Peran Orang Tua dalam Mendukung Siswa Menghadapi Ulangan Harian
Orang tua juga memiliki peran penting dalam membantu anak menghadapi ulangan harian dalam Kurikulum Merdeka. Beberapa cara yang dapat dilakukan oleh orang tua antara lain:
- Membiasakan anak belajar secara mandiri: Orang tua dapat membantu anak menyiapkan jadwal belajar yang teratur.
- Membimbing anak dalam mengerjakan soal: Jika anak mengalami kesulitan, orang tua dapat membantu menganalisis soal dan memberikan panduan.
- Menjaga suasana rumah yang kondusif: Lingkungan belajar yang tenang dan nyaman sangat penting untuk meningkatkan konsentrasi anak.
- Mendorong anak untuk berpikir kritis: Orang tua dapat mengajak anak berdiskusi dan mencari solusi untuk masalah-masalah yang dihadapi.
- Menghindari tekanan berlebihan: Orang tua perlu memahami bahwa belajar bukan hanya tentang nilai, tetapi juga pengembangan diri.
Kesimpulan
Ulangan harian dalam Kurikulum Merdeka merupakan bagian penting dari sistem penilaian yang lebih holistik dan berorientasi pada kompetensi. Berbeda dengan sistem sebelumnya, penilaian ini tidak hanya mengukur hasil akhir, tetapi juga proses belajar dan kemampuan siswa dalam menerapkan konsep-konsep yang dipelajari.

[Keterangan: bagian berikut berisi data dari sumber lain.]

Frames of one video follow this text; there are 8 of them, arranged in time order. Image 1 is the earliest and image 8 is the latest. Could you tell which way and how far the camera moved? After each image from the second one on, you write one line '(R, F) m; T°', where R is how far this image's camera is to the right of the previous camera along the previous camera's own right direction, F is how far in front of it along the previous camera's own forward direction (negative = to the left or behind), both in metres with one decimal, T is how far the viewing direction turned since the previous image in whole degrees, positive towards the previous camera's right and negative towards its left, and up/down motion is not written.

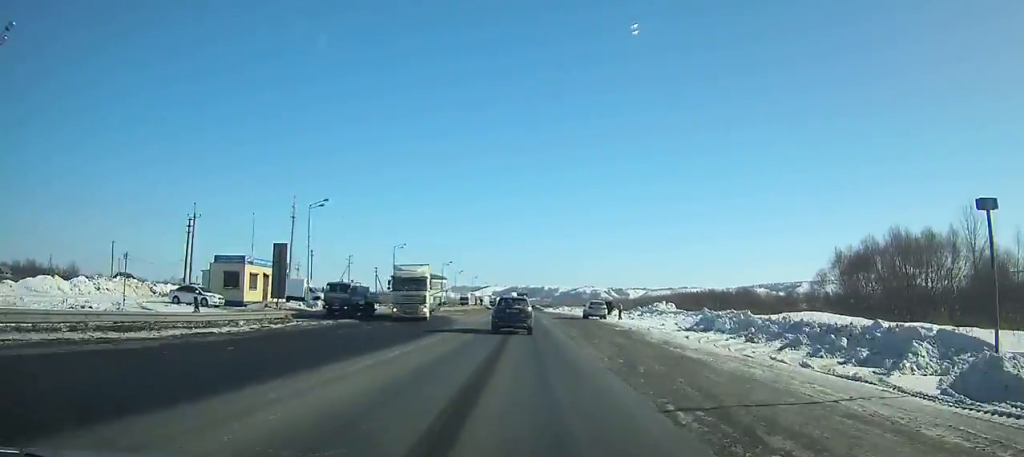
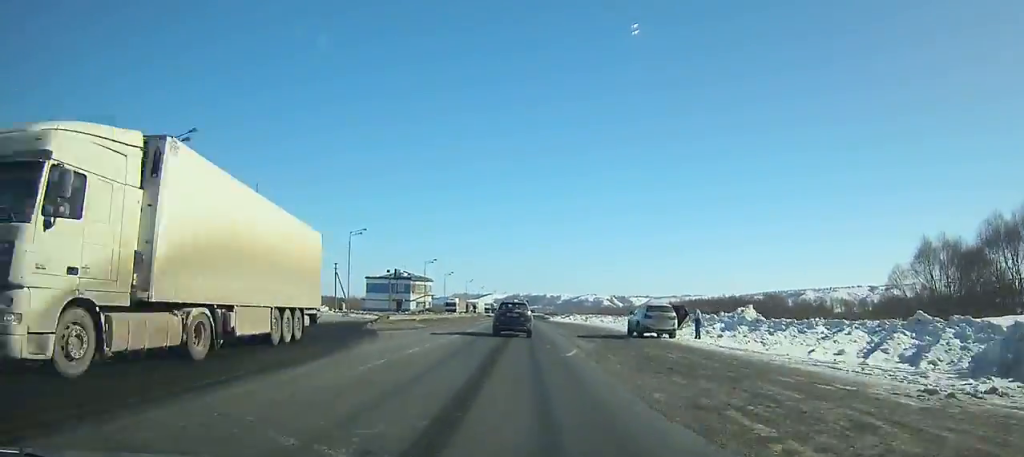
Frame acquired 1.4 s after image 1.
(0.0, +24.8) m; 0°
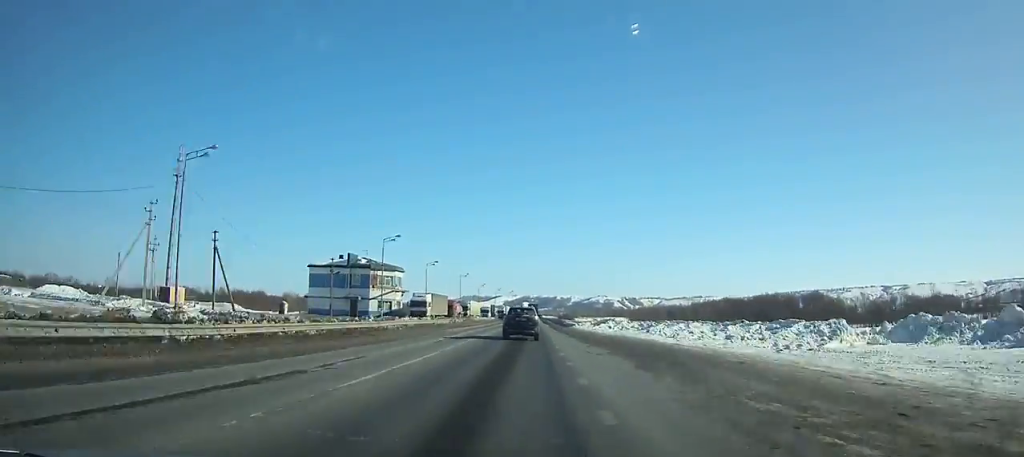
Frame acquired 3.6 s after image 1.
(-0.4, +38.6) m; -1°
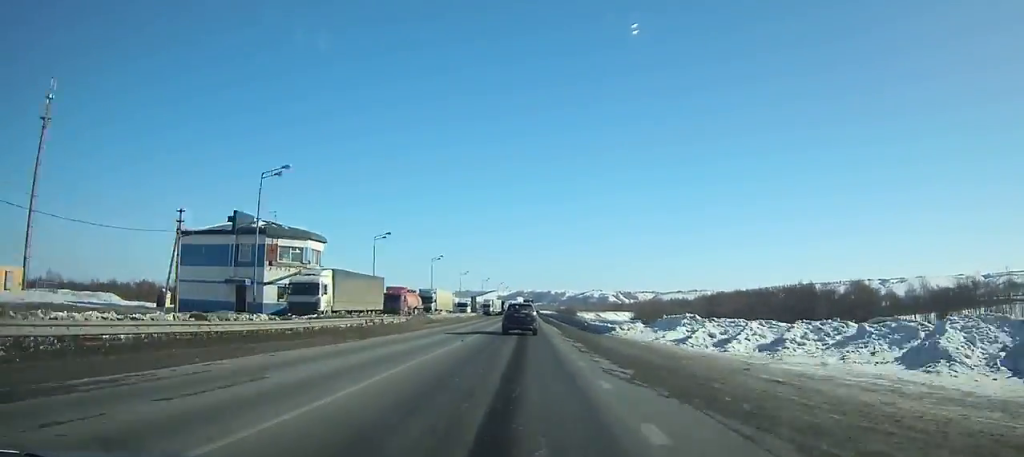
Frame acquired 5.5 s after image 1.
(-0.2, +33.5) m; 0°
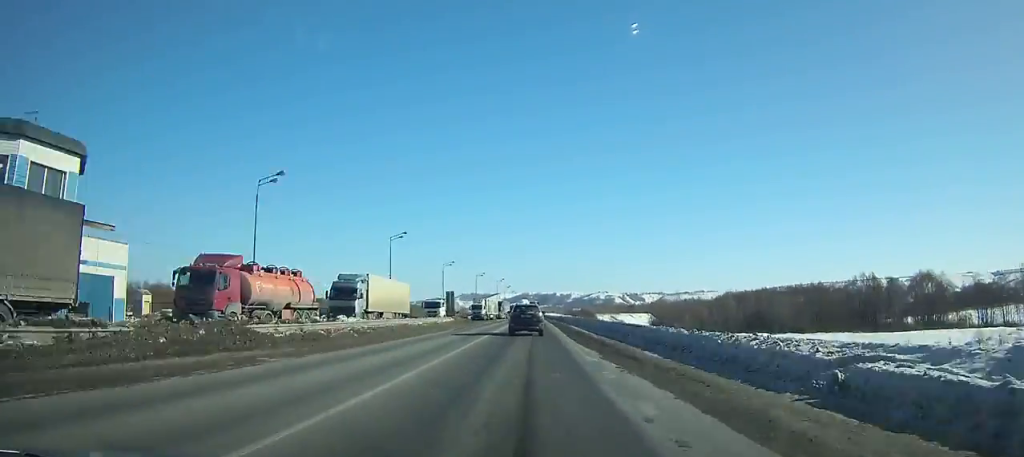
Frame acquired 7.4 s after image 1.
(-0.1, +33.7) m; 0°
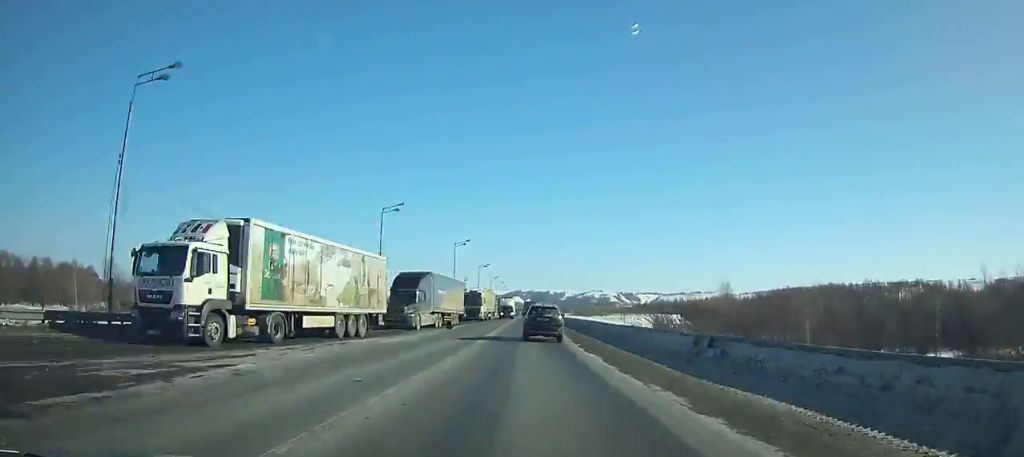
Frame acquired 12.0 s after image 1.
(+0.1, +83.8) m; +1°
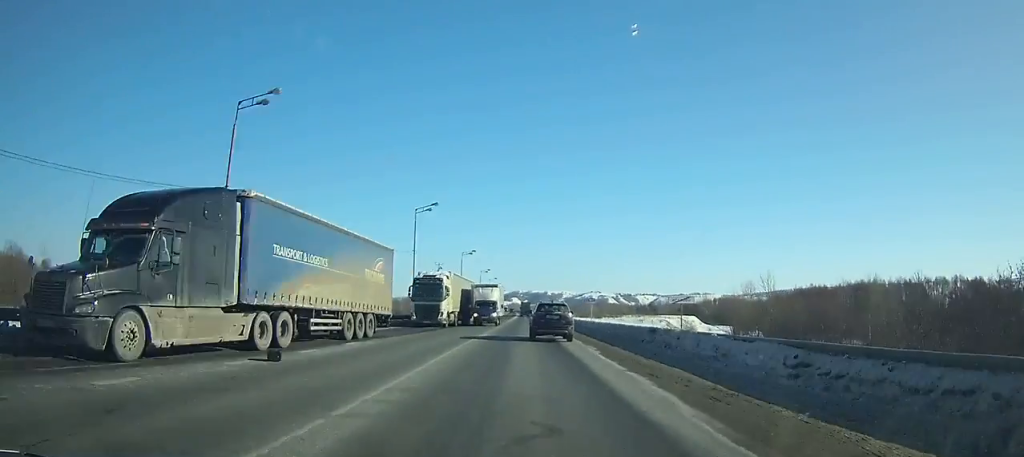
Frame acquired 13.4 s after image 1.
(0.0, +25.9) m; 0°
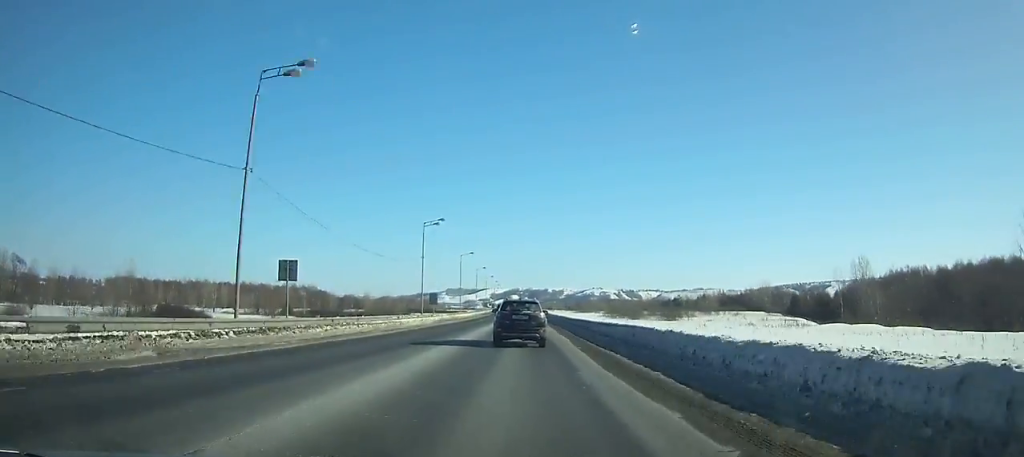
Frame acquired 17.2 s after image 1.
(+0.3, +71.1) m; 0°

Dengan memahami istilah ulangan harian dalam Kurikulum Merdeka, siswa dapat lebih siap menghadapi tantangan belajar yang lebih kompleks. Guru dan orang tua juga perlu mendukung siswa dalam proses belajar ini agar dapat mencapai hasil yang optimal.
Dalam era pendidikan yang semakin dinamis, pemahaman tentang istilah-istilah baru dalam kurikulum adalah kunci sukses. Dengan peningkatan kompetensi dan kesiapan mental, siswa akan lebih mampu menghadapi tantangan di masa depan.